Anggota DPR Desak Pemerintah Evaluasi Sistem Keselamatan Pelayaran
Tenggelamnya KM Rafelia II yang menelan enam korban jiwa termasuk nakhoda saat melintas di selat Bali pekan lalu disinyalir karena kapal tak layak.
Penulis: Muhammad Zulfikar
Editor: Gusti Sawabi
Laporan Wartawan Tribunnews.com, M Zulfikar
TRIBUNNEWS.COM, JAKARTA - Tenggelamnya Kapal Motor (KM) Rafelia II yang menelan enam korban jiwa termasuk nakhodanya saat melintas di selat Bali pekan lalu disinyalir karena kapal tidak layak untuk berlayar.
Kejadian tersebut harus diusut tuntas agar hal serupa tidak terulang lagi.
Menanggapi insiden itu, anggota Komisi V DPR RI, Anton Sihombing mendesak pemerintah untuk mengevaluasi sistem keselamatan pelayaran mengingat tingginya angka kecelakaan akibat kesalahan manusia. Menurutnya, evaluasi itu harus dilakukan secara menyeluruh karena sebagian besar kecelakaan kapal selama ini bukan akibat cuaca buruk, namun akibat ketidakdisiplinan nahkoda.

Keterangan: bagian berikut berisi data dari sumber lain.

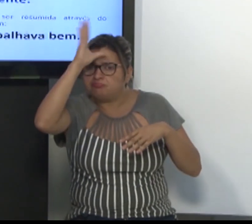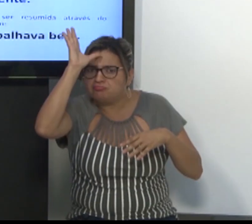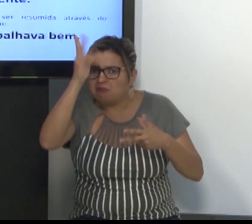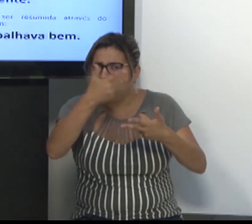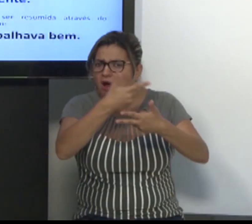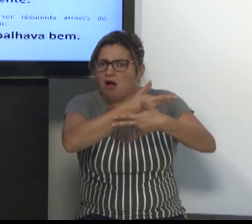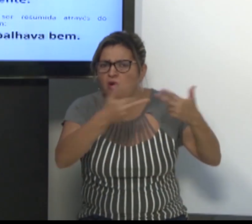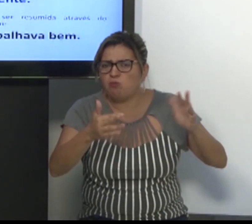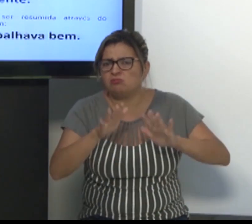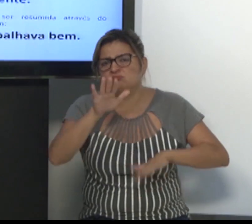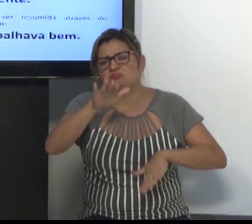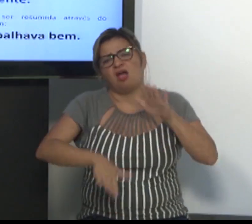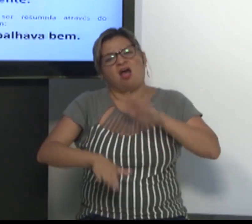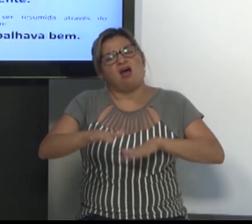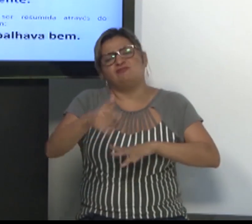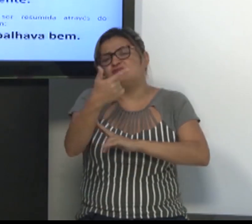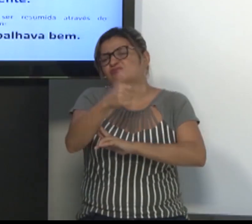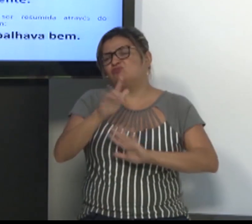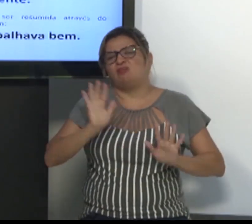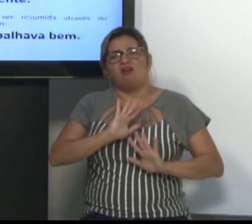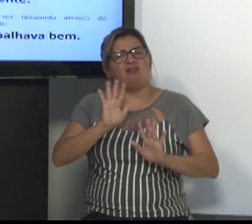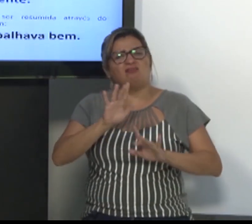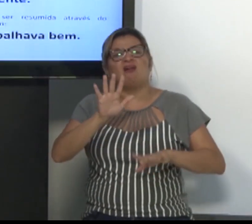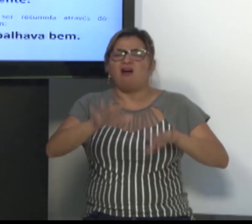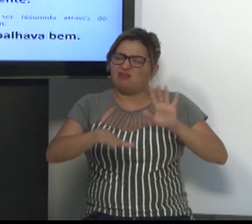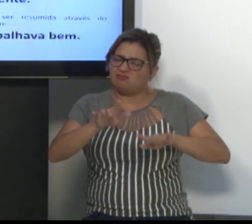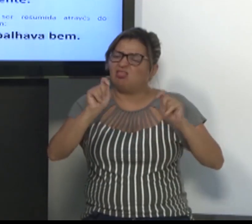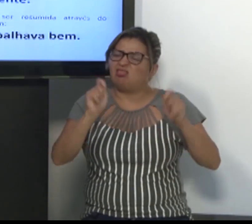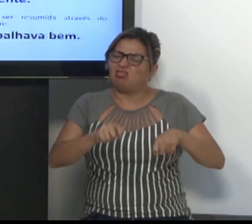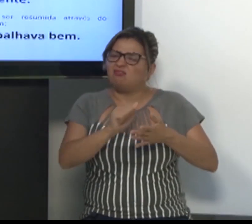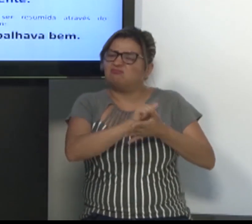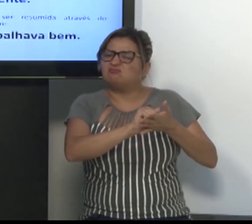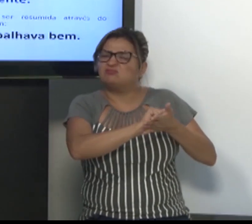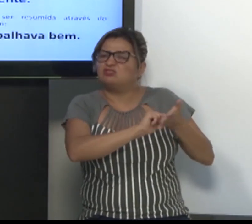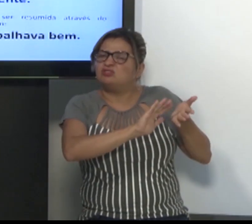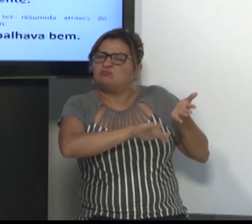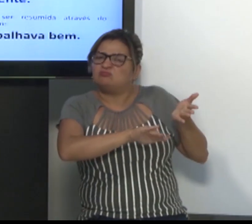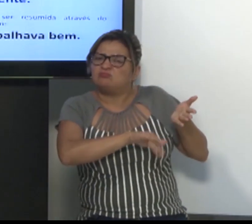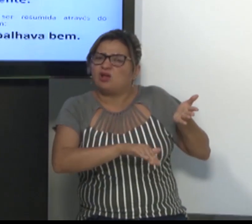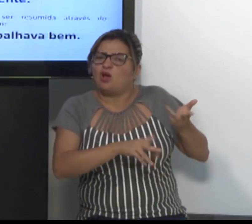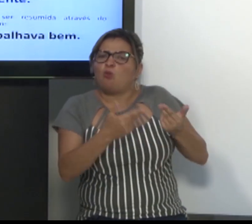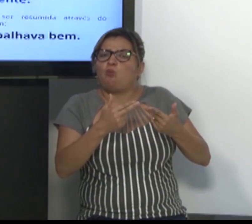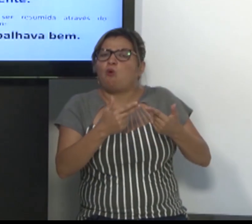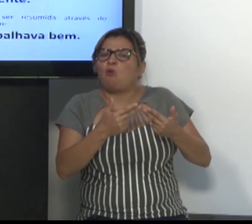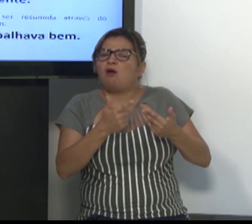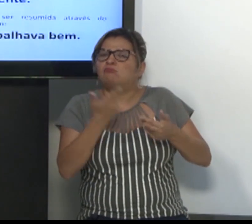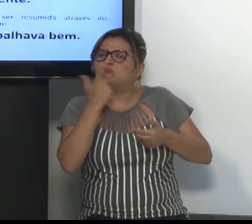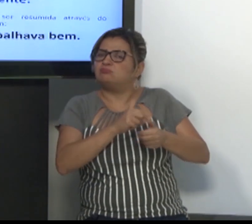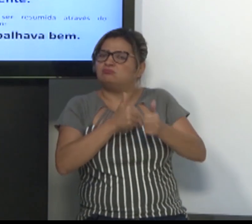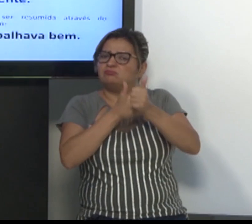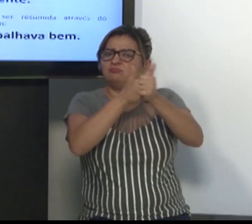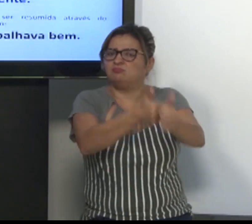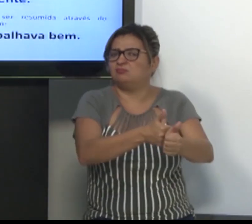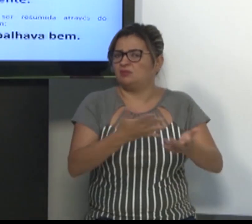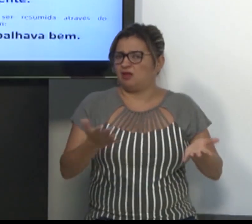Neste caso, aconteceu o apagamento. A intérprete foi junto, de quem

"Tenggelamnya Revelia II sebagai contoh bahwa masih buruknya pengelolaan syahbandar selama ini. Pelayaran itu harus dievaluasi karena kecelakaan kapal laut belakangan ini terjadi bukan akibat cuaca, tapi karena human error," kata Anton melalui pesan singkatnya, Kamis (10/3/2016).

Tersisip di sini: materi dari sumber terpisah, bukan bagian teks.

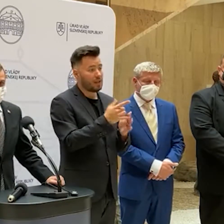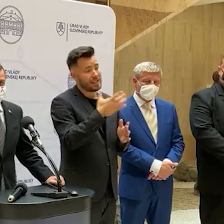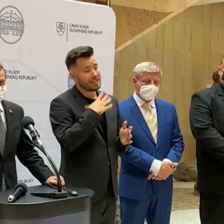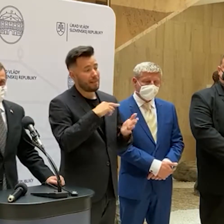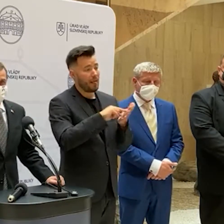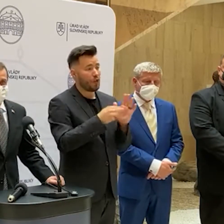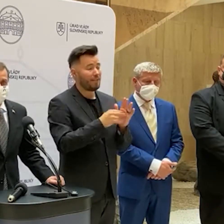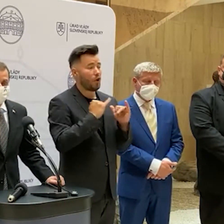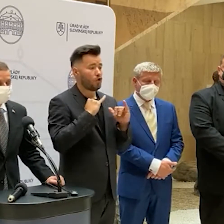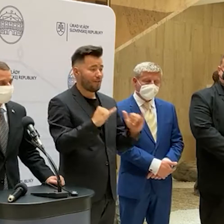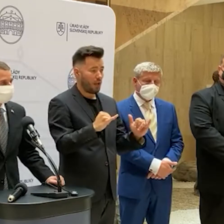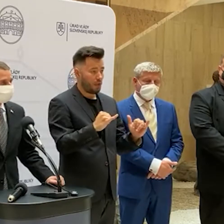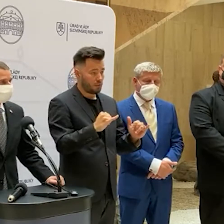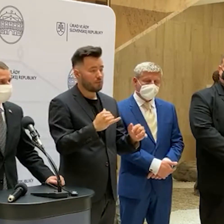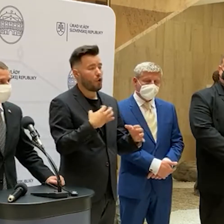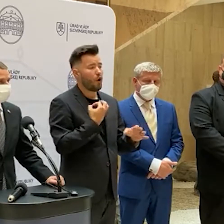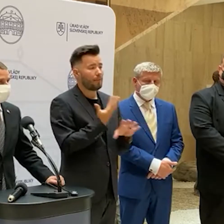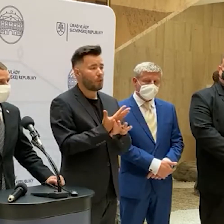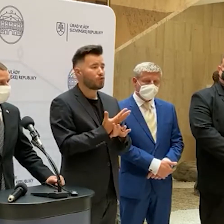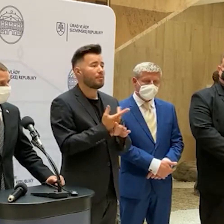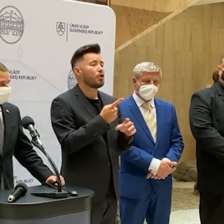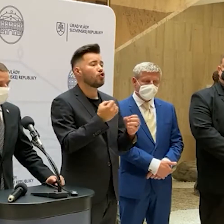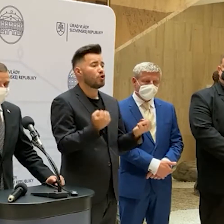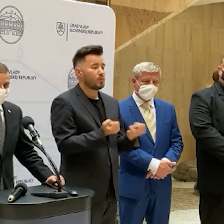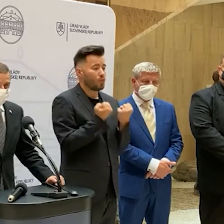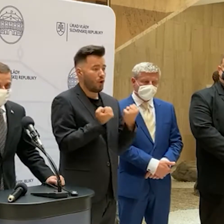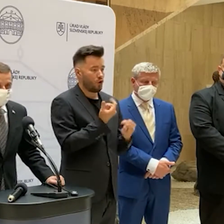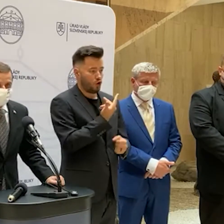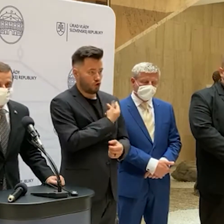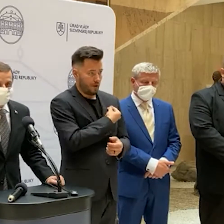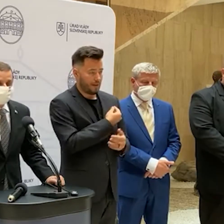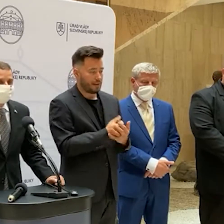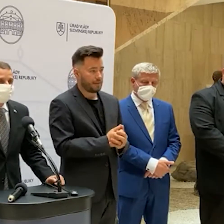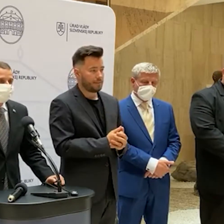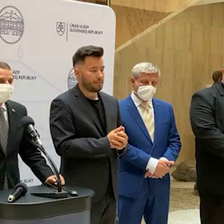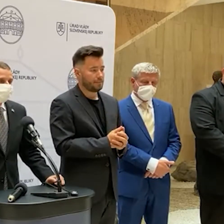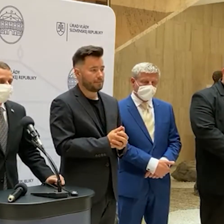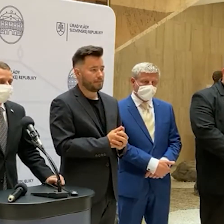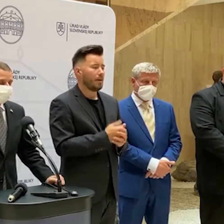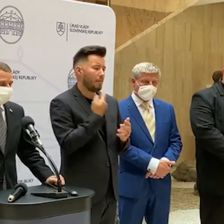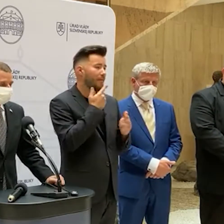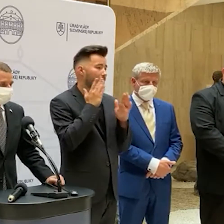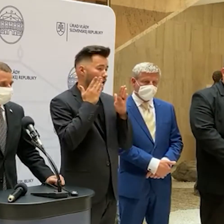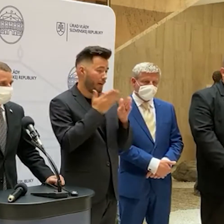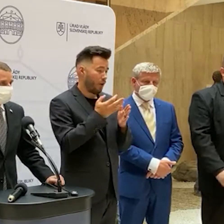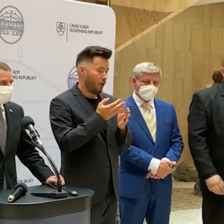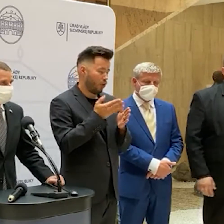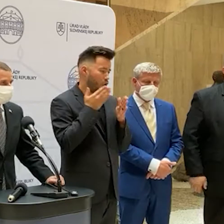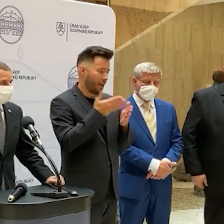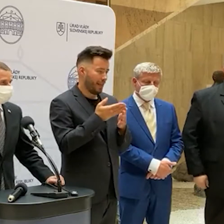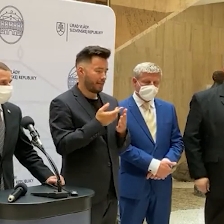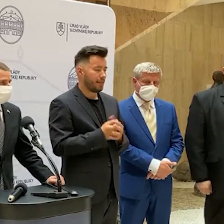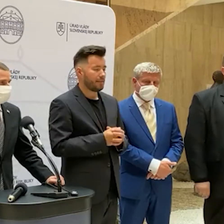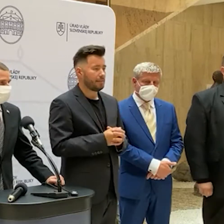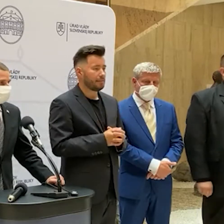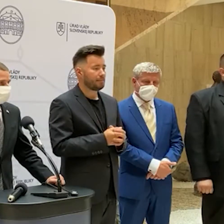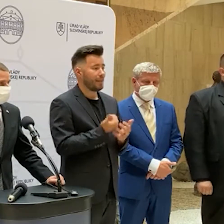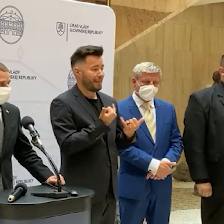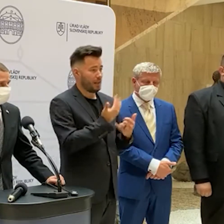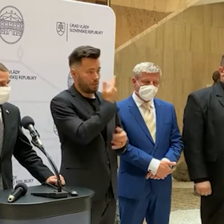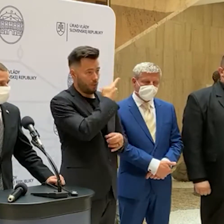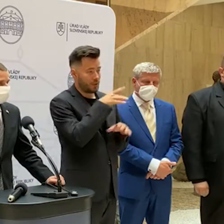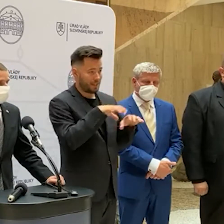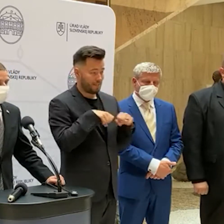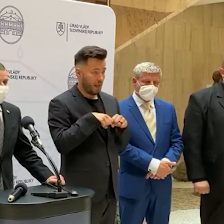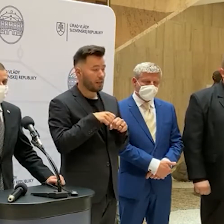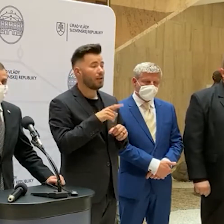dovolenku, odporúčame im čím skôr sa nechať zaočkovať. Veľmi konkrétne za to, dnes sa schválilo to, že ak niekto

Politikus Golkar itu mencontohkan banyaknya kapal Indonesia yang berlayar tanpa nahkoda yang memenuhi syarat berlayar. Belum lagi kecelakaan kappal karena nahkodanya berlayar tidak pada alur yang ditetapkan.
Anton menilai, kejadian itu sangat mempermalukan bangsa. Pasalnya, kecelakaan tersebut menunjukkan kemampuan SDM perwira pelayaran niaga sangat minimum.
Pria yang juga menjabat sebagai Ketua Umum Indonesia Maritime and Ocean (IMO) watch itu menyebutkan, selain melakukan evaluasi menyeluruh, pemerintah harus meningkatkan kualitas sekolah pelayaran. Dirinya menilai, sekolah pelaut harus lebih mengutamakan kualitas ketimbang kuantitas mengingat anggarannya yang cukup tinggi setiap tahunnya
"Bisa dibayangkan, anggaran untuk Badan Diklat SDM pelaut kita kita di Kemenhub pada 2016 ini lebih dari Rp 6 triliun. Anggaran sangat luar biasa besar dan itu tak ada gunanya kalau toh kapal sering kecelakaan dan tenggelam," tuturnya.
Dengan sekolah dan pelatihan itu, kata Anton, diharapkan tidak akan terjadi lagi tindakan tidak disiplin. Ia menyebutkan ketidakdisiplinan adalah kasus over draft atau kelebihan muatan kapal.
"Kejadian ini sangat memalukan kita semua. Kemampuan SDM dan kedisplinan nahkoda kapal juga sangat kurang. Syambandar juga begitu," katanya.
Anton pun meminta kepada perusahaan pelayanan jangan hanya mencari keuntungan sementara peralatan dan alat-alat keselamatan tidak layak berlayar. Perusahaan pemilik kapal jangan memaksakan kapalnya berangkat padahal kapal tidak aman.
"Syambandar disitu juga harus tegas. Jangan memberangkatkan kapal yang tak layak. Terlalu banyak yang dikorbankan bisa kapal tak layak tetap diberangkatkan," tegasnya.